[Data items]
------------------------------------------------------------------------

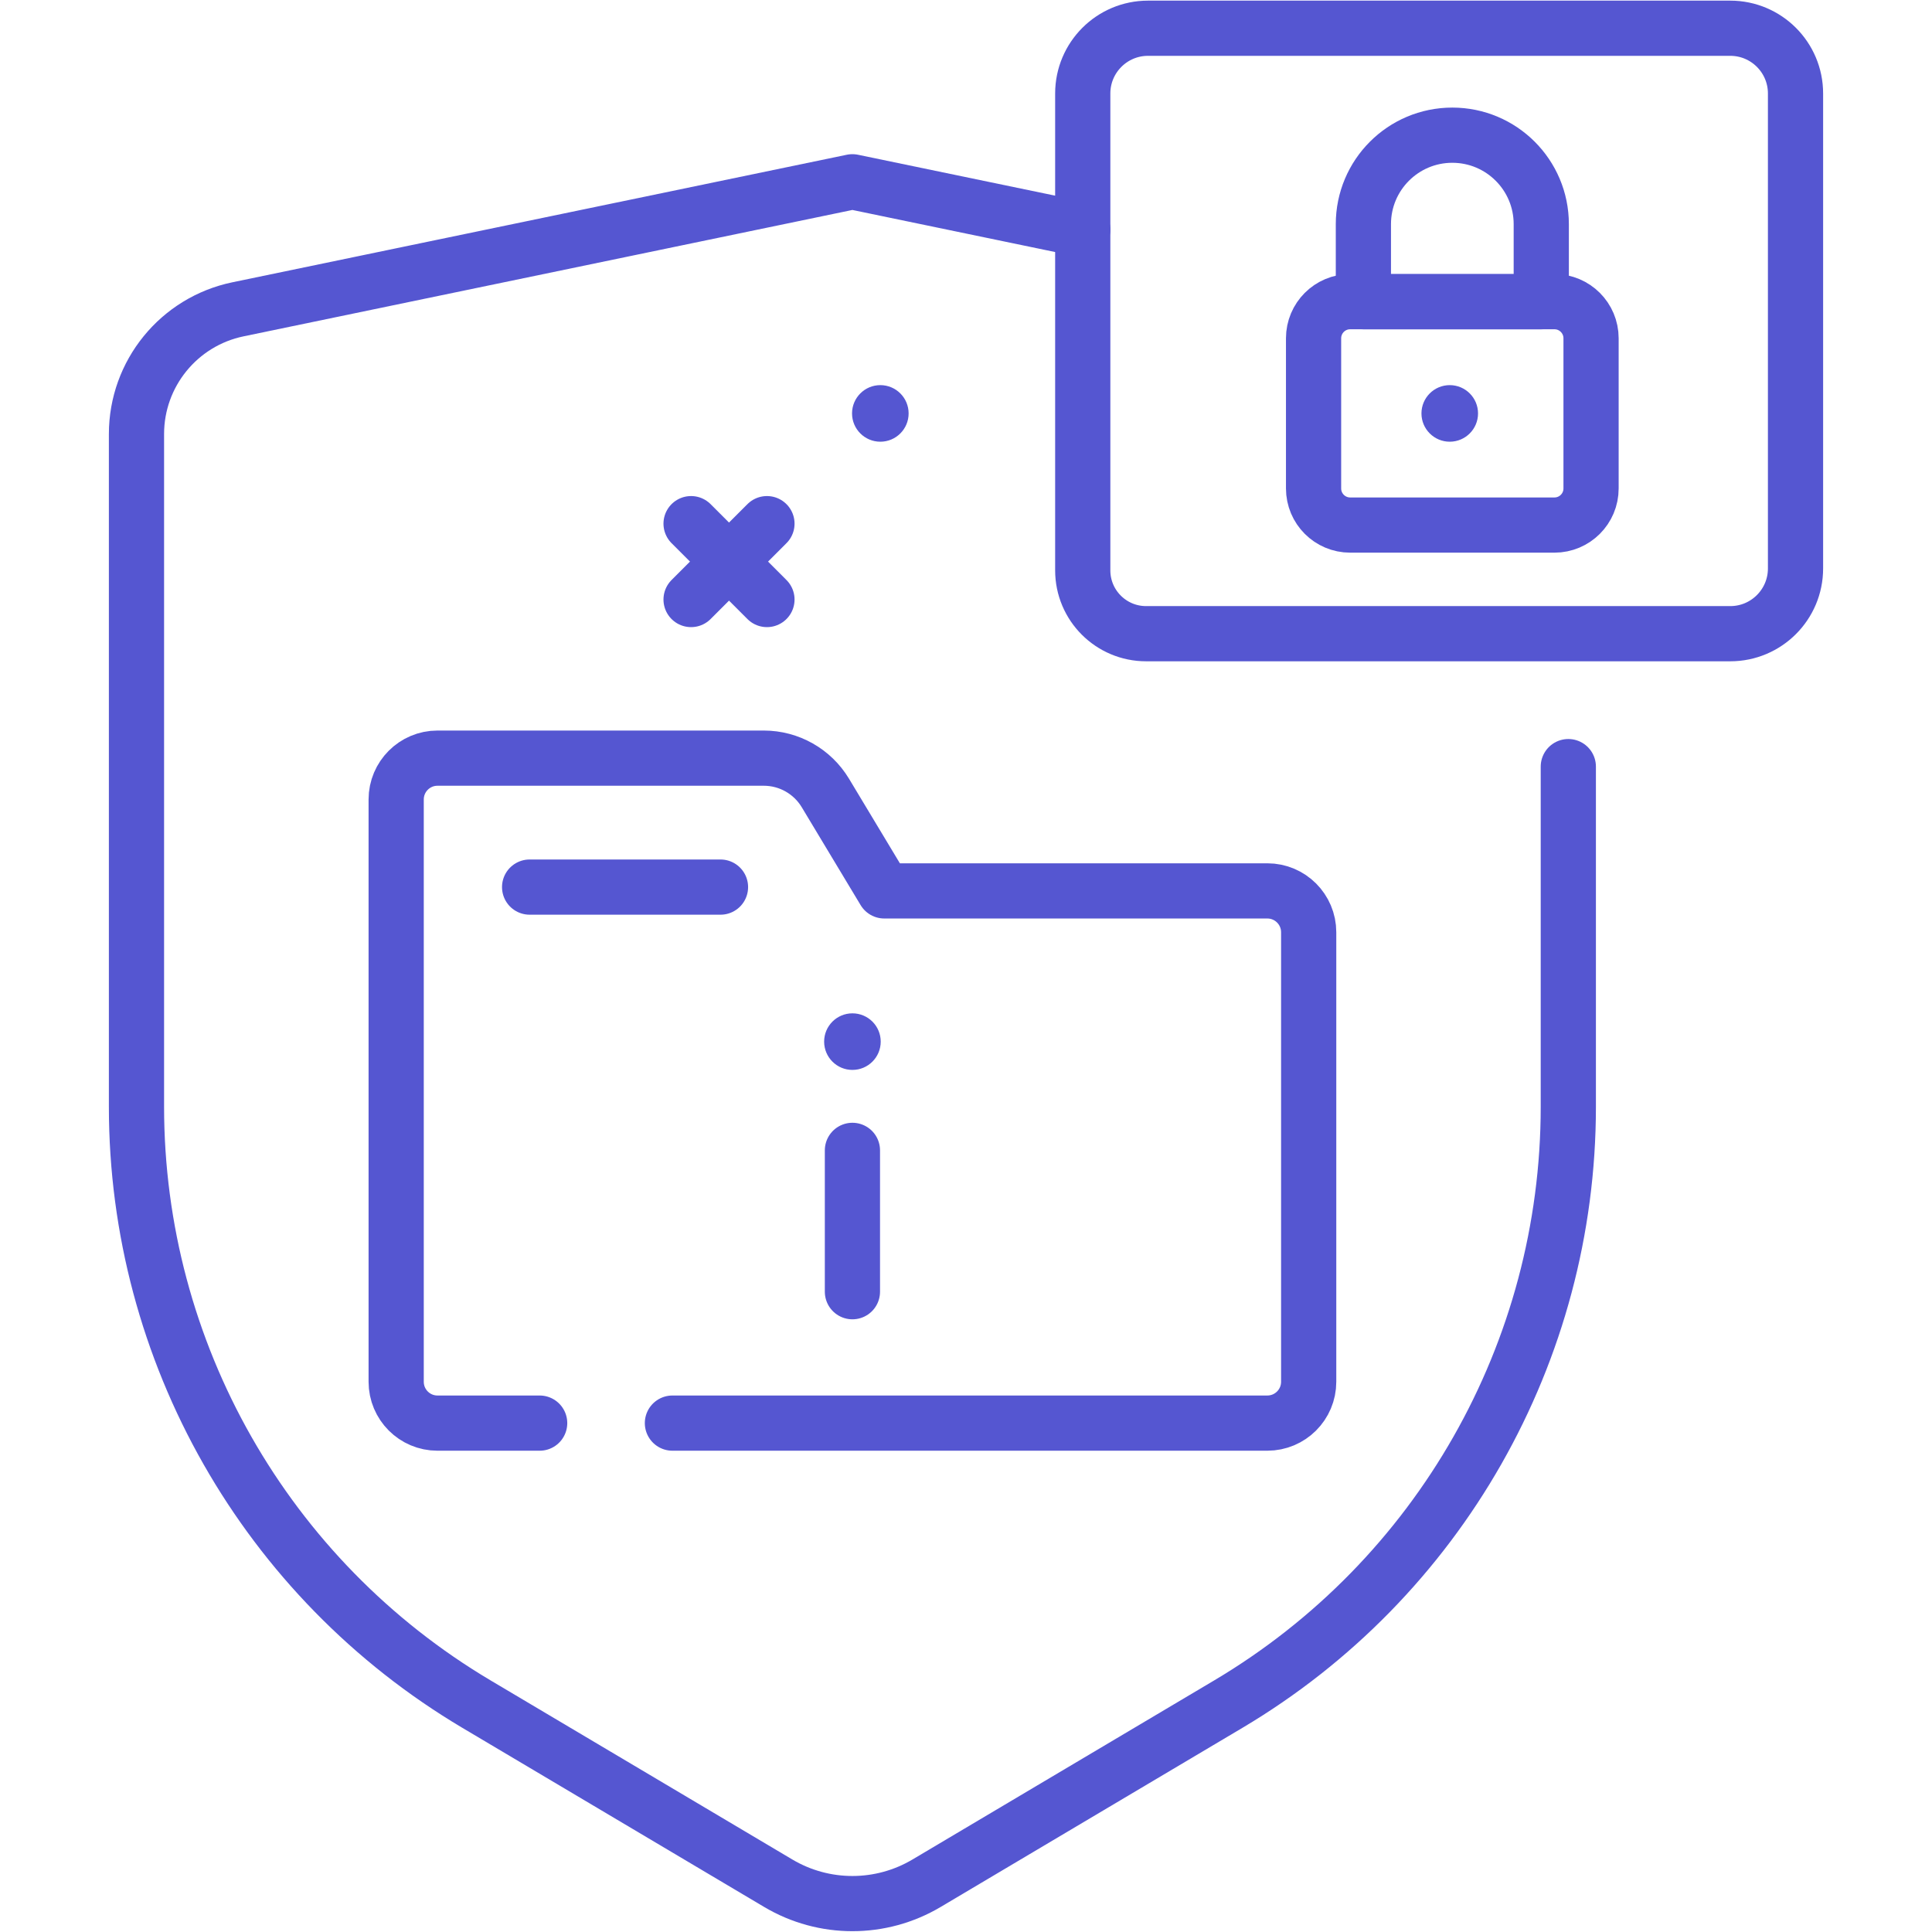<svg width="70" height="70" viewBox="0 0 70 70" fill="none" xmlns="http://www.w3.org/2000/svg">
<path d="M56.32 19.024H48.92C48.187 19.024 47.593 18.43 47.593 17.697V12.257C47.593 11.524 48.187 10.93 48.92 10.93H56.32C57.053 10.93 57.647 11.524 57.647 12.257V17.697C57.648 18.43 57.053 19.024 56.32 19.024Z" stroke="#5556D1" stroke-width="2" stroke-miterlimit="10" stroke-linecap="round" stroke-linejoin="round"/>
<path d="M52.62 4.898C50.84 4.898 49.398 6.341 49.398 8.121V10.931H55.843V8.121C55.843 6.341 54.4 4.898 52.62 4.898Z" stroke="#5556D1" stroke-width="2" stroke-miterlimit="10" stroke-linecap="round" stroke-linejoin="round"/>
<circle cx="52.527" cy="14.979" r="1.025" fill="#5556D1"/>
<path d="M56.823 27.776V40.102C56.823 48.985 52.141 57.21 44.502 61.745L33.573 68.232C31.916 69.217 29.853 69.217 28.196 68.232L17.266 61.745C9.628 57.21 4.945 48.985 4.945 40.102V15.726C4.945 13.538 6.481 11.651 8.623 11.207L30.884 6.586L39.23 8.318" stroke="#5556D1" stroke-width="2" stroke-miterlimit="10" stroke-linecap="round" stroke-linejoin="round"/>
<path d="M19.553 51.562H15.851C15.024 51.562 14.354 50.892 14.354 50.064V28.967C14.354 28.14 15.024 27.469 15.851 27.469H27.673C28.587 27.469 29.434 27.948 29.905 28.731L32.039 32.279H45.918C46.745 32.279 47.416 32.95 47.416 33.777V50.064C47.416 50.892 46.745 51.562 45.918 51.562H24.363" stroke="#5556D1" stroke-width="2" stroke-miterlimit="10" stroke-linecap="round" stroke-linejoin="round"/>
<path d="M19.189 32.141H26.105" stroke="#5556D1" stroke-width="2" stroke-miterlimit="10" stroke-linecap="round" stroke-linejoin="round"/>
<path d="M25.039 18.973L27.788 21.722" stroke="#5556D1" stroke-width="2" stroke-miterlimit="10" stroke-linecap="round" stroke-linejoin="round"/>
<path d="M27.788 18.973L25.039 21.722" stroke="#5556D1" stroke-width="2" stroke-miterlimit="10" stroke-linecap="round" stroke-linejoin="round"/>
<circle cx="31.896" cy="14.979" r="1.025" fill="#5556D1"/>
<path d="M30.885 41.68V46.801" stroke="#5556D1" stroke-width="2" stroke-miterlimit="10" stroke-linecap="round" stroke-linejoin="round"/>
<circle cx="30.885" cy="37.74" r="1.025" fill="#5556D1"/>
<path d="M65.055 3.387V20.596C65.055 21.902 63.997 22.96 62.691 22.96H41.525C40.258 22.96 39.23 21.933 39.23 20.665V3.387C39.23 2.082 40.289 1.023 41.594 1.023H62.691C63.997 1.023 65.055 2.082 65.055 3.387Z" stroke="#5556D1" stroke-width="2" stroke-miterlimit="10" stroke-linecap="round" stroke-linejoin="round"/>
</svg>
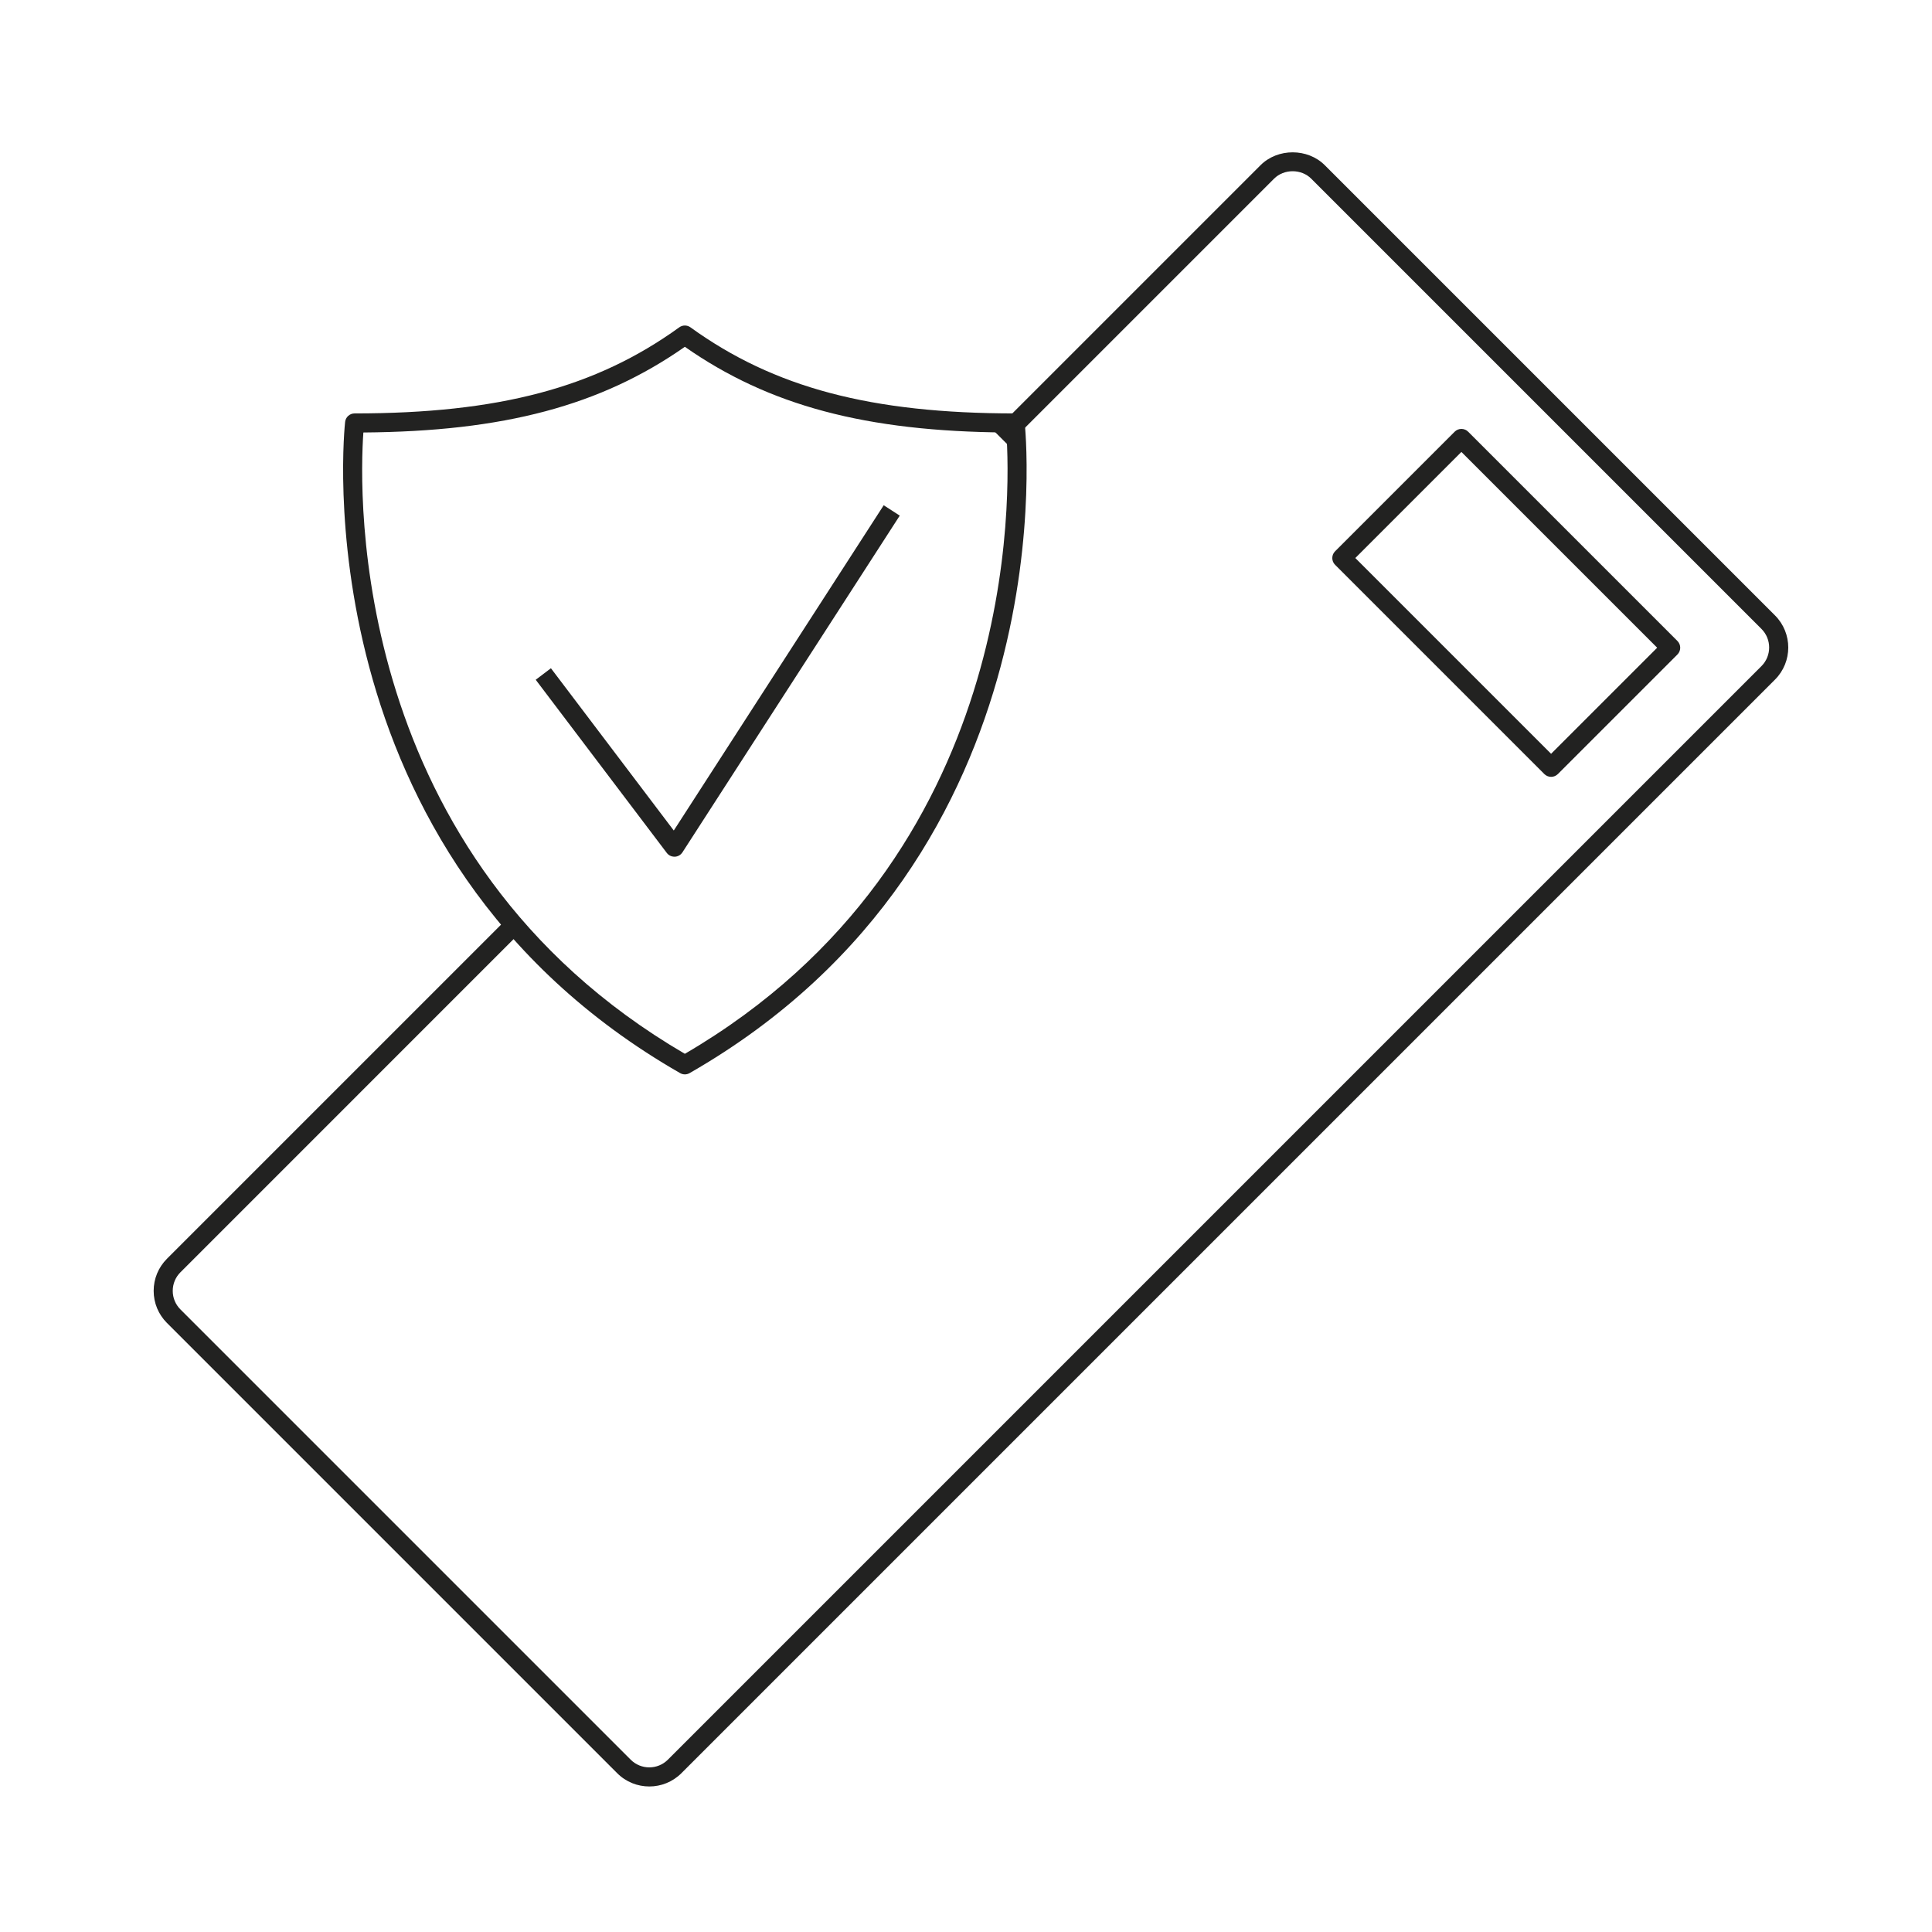 <svg viewBox="0 0 87.909 87.909" xmlns="http://www.w3.org/2000/svg" id="shipping">
  <defs>
    <style>
      .cls-1 {
        fill: #222221;
      }
    </style>
  </defs>
  <path d="M29.544,81.287c-.529,0-1.058-.201-1.461-.604L7.597,60.197c-.39-.391-.605-.909-.605-1.461s.215-1.07.605-1.461l15.238-15.238.614.614-15.238,15.239c-.226.226-.351.526-.351.846s.125.62.351.846l20.486,20.486c.467.467,1.226.467,1.693,0l49.759-49.759c.467-.467.467-1.226,0-1.693l-20.486-20.486c-.451-.452-1.24-.452-1.691,0l-12.111,12.111-.615-.614,12.111-12.111c.781-.78,2.141-.78,2.922,0l20.486,20.486c.805.806.805,2.116,0,2.921l-49.76,49.76c-.402.402-.932.604-1.46.604Z" class="cls-1"></path>
  <path d="M30.686,38.981c-.136,0-.264-.063-.346-.172l-5.964-7.879.692-.524,5.59,7.384,9.552-14.8.73.472-9.889,15.322c-.077.119-.208.193-.349.198-.005 0-.011 0-.016 0Z" class="cls-1"></path>
  <path d="M31.162,48.886c-.075,0-.149-.02-.216-.058-17.377-9.965-15.265-29.438-15.242-29.634.026-.218.211-.383.432-.383,6.554,0,10.972-1.171,14.772-3.917.152-.11.356-.11.509,0,3.801,2.745,8.219,3.917,14.772,3.917.22,0,.405.165.432.383.023.196,2.136,19.669-15.242,29.634-.067.038-.142.058-.216.058ZM16.534,19.679c-.193,2.726-.689,19.33,14.628,28.271,15.318-8.94,14.821-25.545,14.628-28.271-6.39-.047-10.805-1.223-14.628-3.899-3.823,2.676-8.238,3.852-14.628,3.899Z" class="cls-1"></path>
  <path d="M70.578,35.348c-.111,0-.223-.042-.308-.127l-9.522-9.522c-.169-.169-.169-.445,0-.614l5.441-5.441c.17-.17.445-.17.615,0l9.522,9.522c.169.169.169.445,0,.614l-5.441,5.441c-.085.085-.196.127-.308.127ZM61.669,25.391l8.908,8.908,4.827-4.827-8.908-8.908-4.827,4.827Z" class="cls-1"></path>
</svg>

------------------------------------------------------------------------

### PROBLEM DESCRIPTION
Copy exactly, and copy nothing else: the lines from the start of the data above through the line that holds "27.776V40.102C56.823 48.985 52.141". The pictures stay out.

### ANSWER TO THE PROBLEM
<svg width="70" height="70" viewBox="0 0 70 70" fill="none" xmlns="http://www.w3.org/2000/svg">
<path d="M56.32 19.024H48.92C48.187 19.024 47.593 18.43 47.593 17.697V12.257C47.593 11.524 48.187 10.93 48.92 10.93H56.32C57.053 10.93 57.647 11.524 57.647 12.257V17.697C57.648 18.43 57.053 19.024 56.32 19.024Z" stroke="#5556D1" stroke-width="2" stroke-miterlimit="10" stroke-linecap="round" stroke-linejoin="round"/>
<path d="M52.62 4.898C50.84 4.898 49.398 6.341 49.398 8.121V10.931H55.843V8.121C55.843 6.341 54.4 4.898 52.62 4.898Z" stroke="#5556D1" stroke-width="2" stroke-miterlimit="10" stroke-linecap="round" stroke-linejoin="round"/>
<circle cx="52.527" cy="14.979" r="1.025" fill="#5556D1"/>
<path d="M56.823 27.776V40.102C56.823 48.985 52.141 57.21 44.502 61.745L33.573 68.232C31.916 69.217 29.853 69.217 28.196 68.232L17.266 61.745C9.628 57.21 4.945 48.985 4.945 40.102V15.726C4.945 13.538 6.481 11.651 8.623 11.207L30.884 6.586L39.23 8.318" stroke="#5556D1" stroke-width="2" stroke-miterlimit="10" stroke-linecap="round" stroke-linejoin="round"/>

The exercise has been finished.